I use a paper towel with a few drops of Joy or similar dish soap on it. Squeeze it to make sure the soap is distributed and the towel not dripping wet. Wipe it down then refold the towel and repeat till you don't see more grime on the clean areas of the towel.

Wipe it down afterwards with a damp but not soapy paper towel. 

I've done this for years and the screens have been just fine.


----------



## jh2112 (Mar 19, 2006)

I use screen wipes for both jobs.


----------



## simbalala (Mar 19, 2006)

jh2112 said:
			
		

> I use screen wipes for both jobs.


And the people who make them appreciate your business.


----------



## MisterMe (Mar 19, 2006)

simbalala said:
			
		

> And the people who make them appreciate your business.


And the people who make LCD monitors appreciate yours.


----------



## Lt Major Burns (Mar 19, 2006)

don't use paper towels.  don't use paper towels.  don't use paper towels.

use a soft cloth.  and warm water does the job quite adequately.  a small amount of vinegar sometimes helps as well, but in moderation. (like only on stubborn marks)


----------



## eric2006 (Mar 19, 2006)

Paper towels might be OK on CRT's - thats what you use for cleaning glass. But for LCD's - not a good idea. Make sure to not use so much liquid that it drips down the screen (And possibly soaks into the monitor). I helped someone who spilled coffee on their powerbooks screen, and it messed up the screen pretty good. Be careful, and use common sense, and you'll be fine.


----------



## nixgeek (Mar 19, 2006)

You mean I can't use my tongue to clean my screen??  Darned it!! 

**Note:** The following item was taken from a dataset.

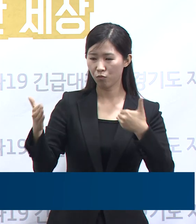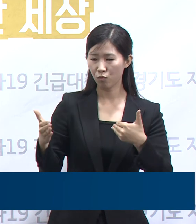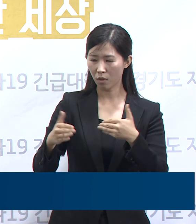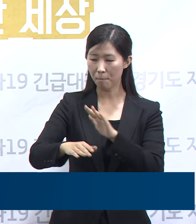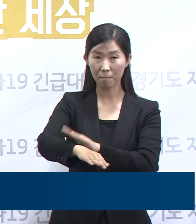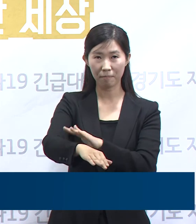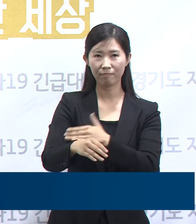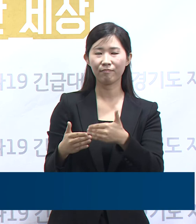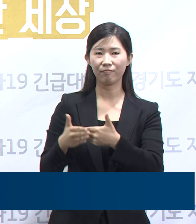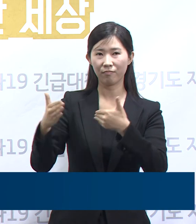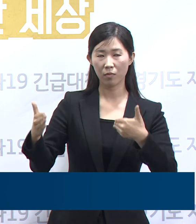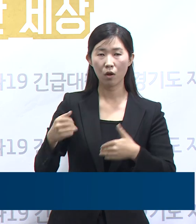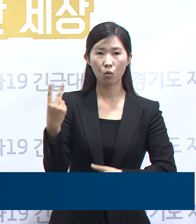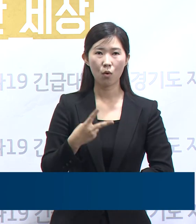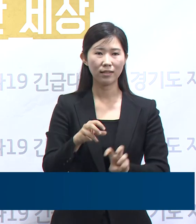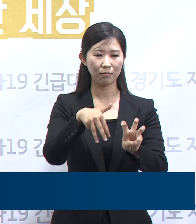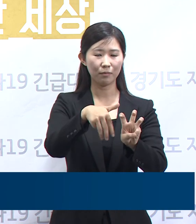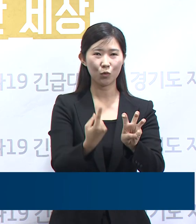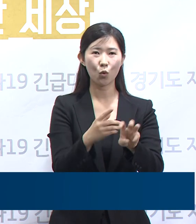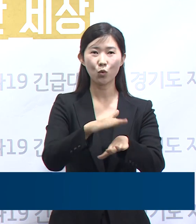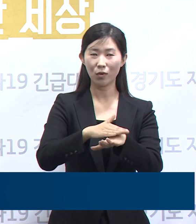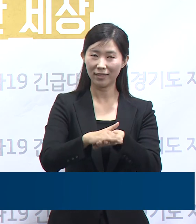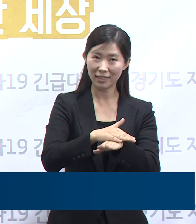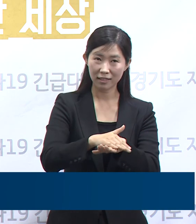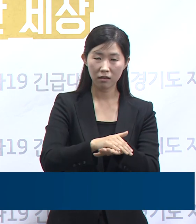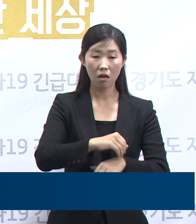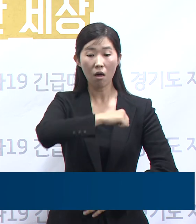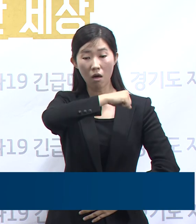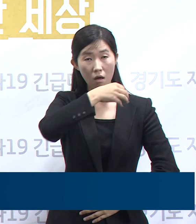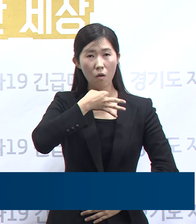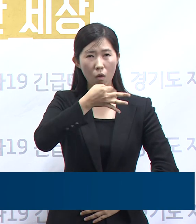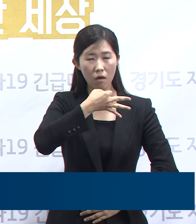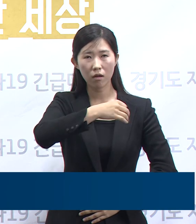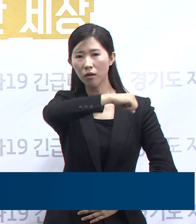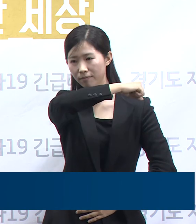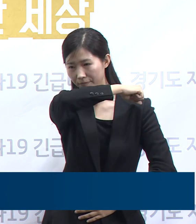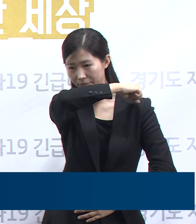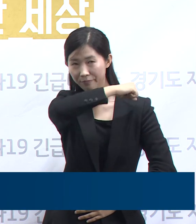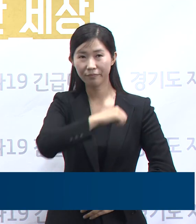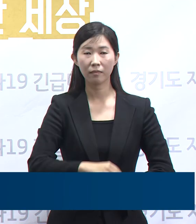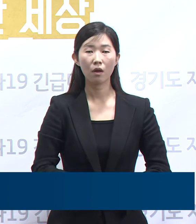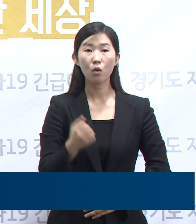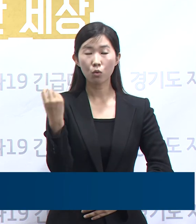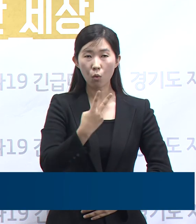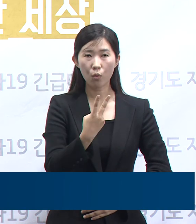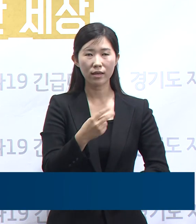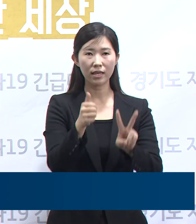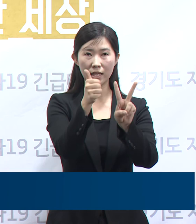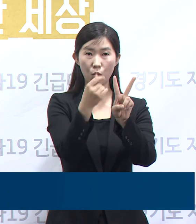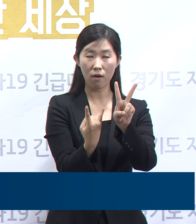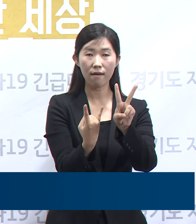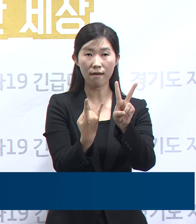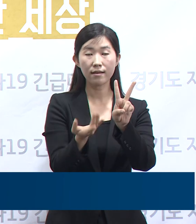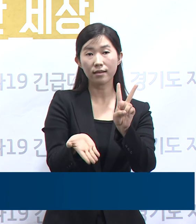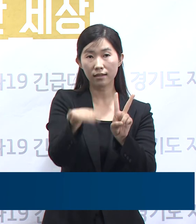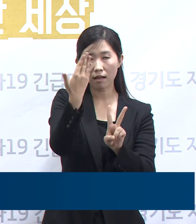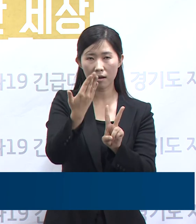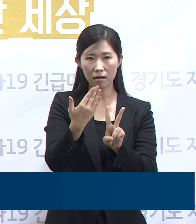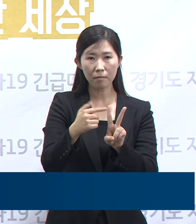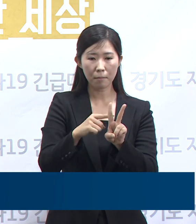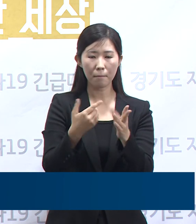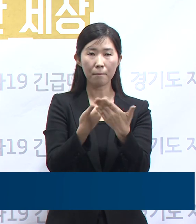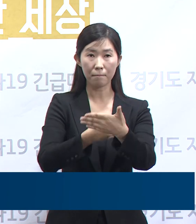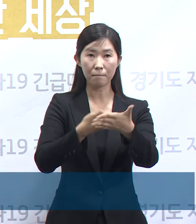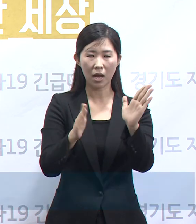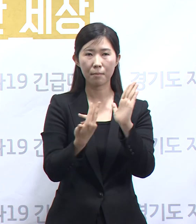30초 손 씻기와 기침할 땐 옷소매 가리기 매일 두 번 이상 환기하고 주기적으로 소독하기 등 방역 수칙을
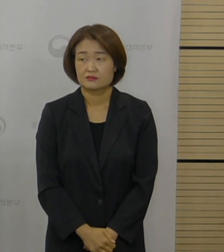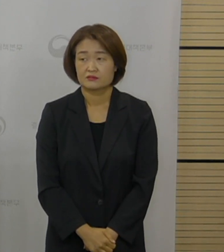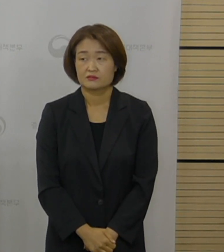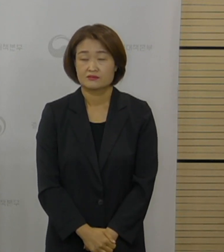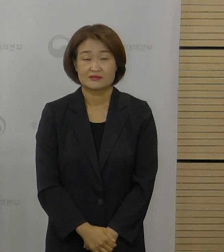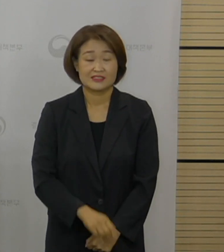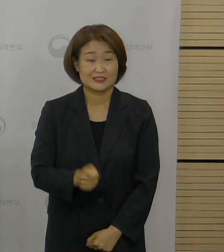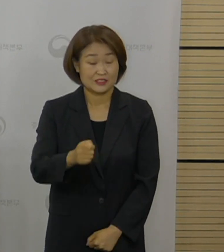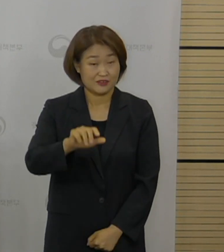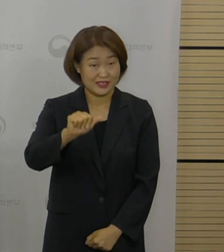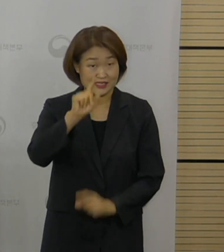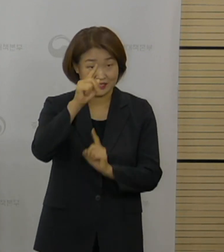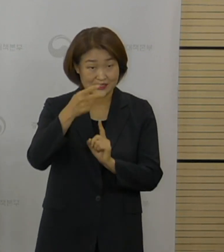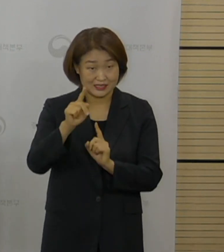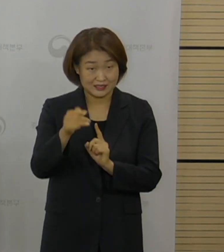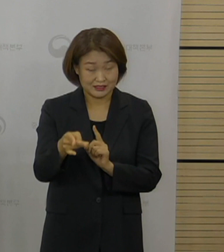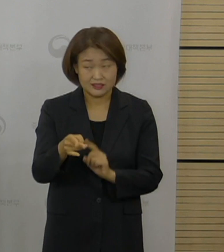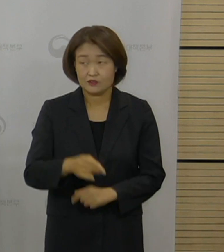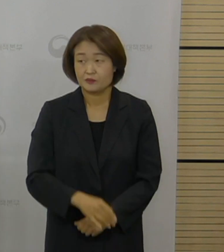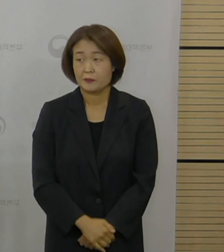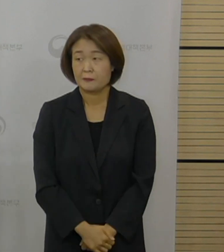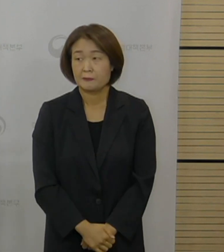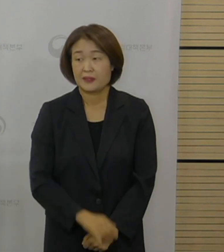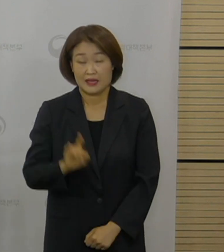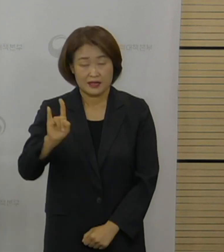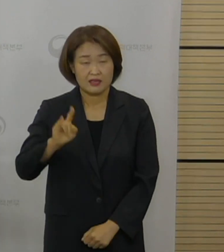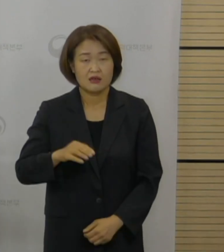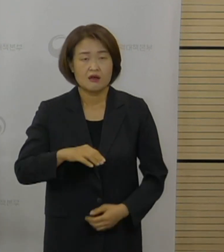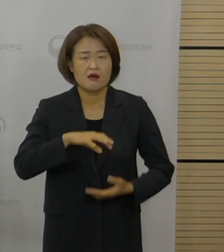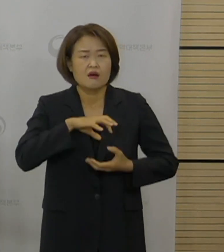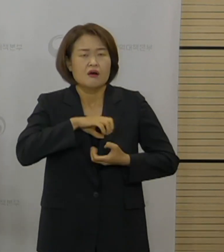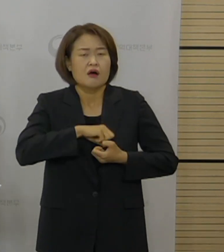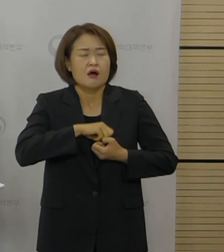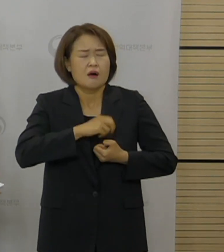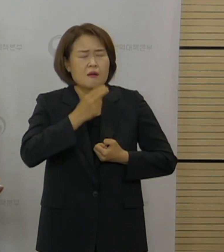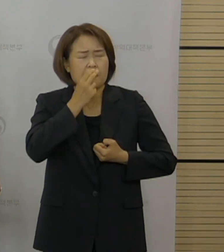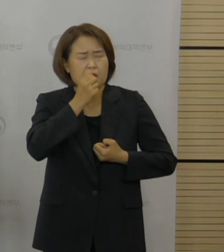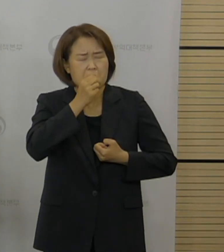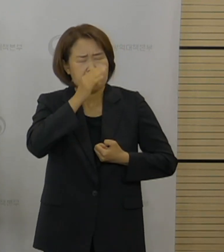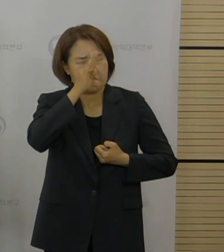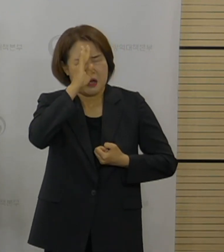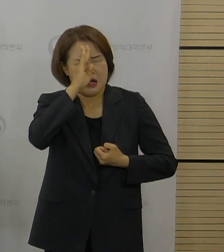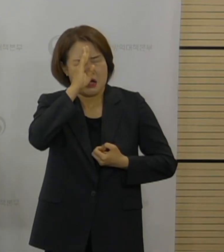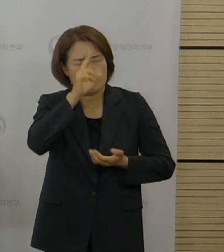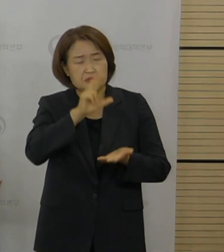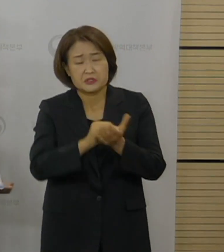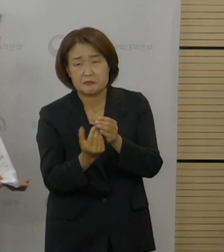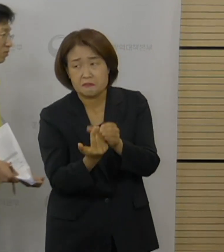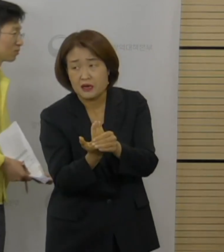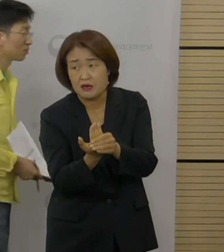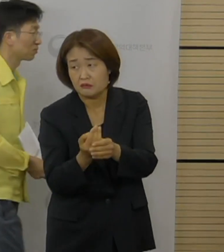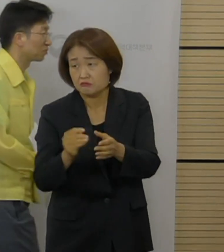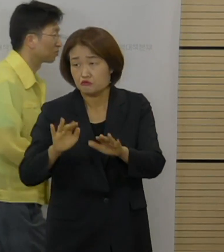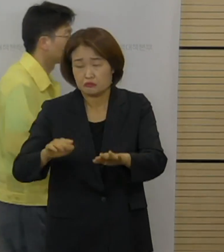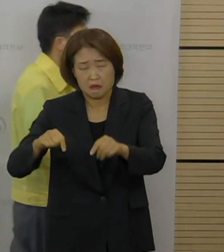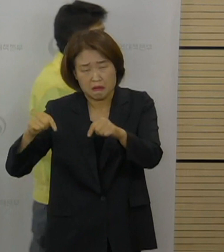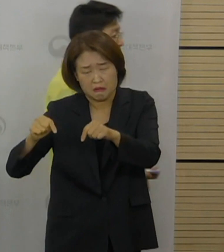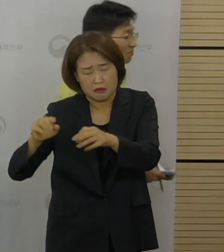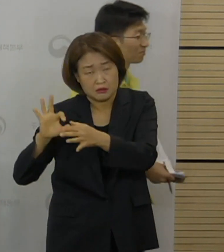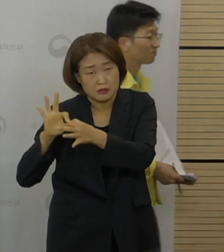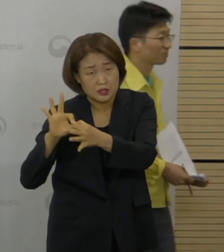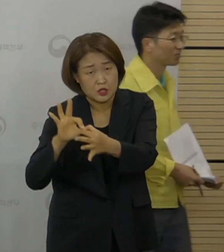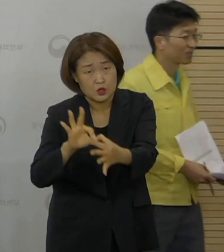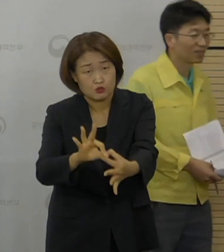채널A 이다혜 기자님 심근염 부작용과 관련된 전문가 논의가 지속되고 있다고 설명을 해줬는데

A soft damp cloth should do the trick for any screen.

Now I've always wondered if baby wipes would be safe enough since it's meant to be gentle enough for a baby's skin.  Any thoughts?


----------



## eric2006 (Mar 19, 2006)

Baby wipes? Sounds like it would work, but I don't know if they put chemicals that could harm your screen, or moisturizers in them. That could be bad.


----------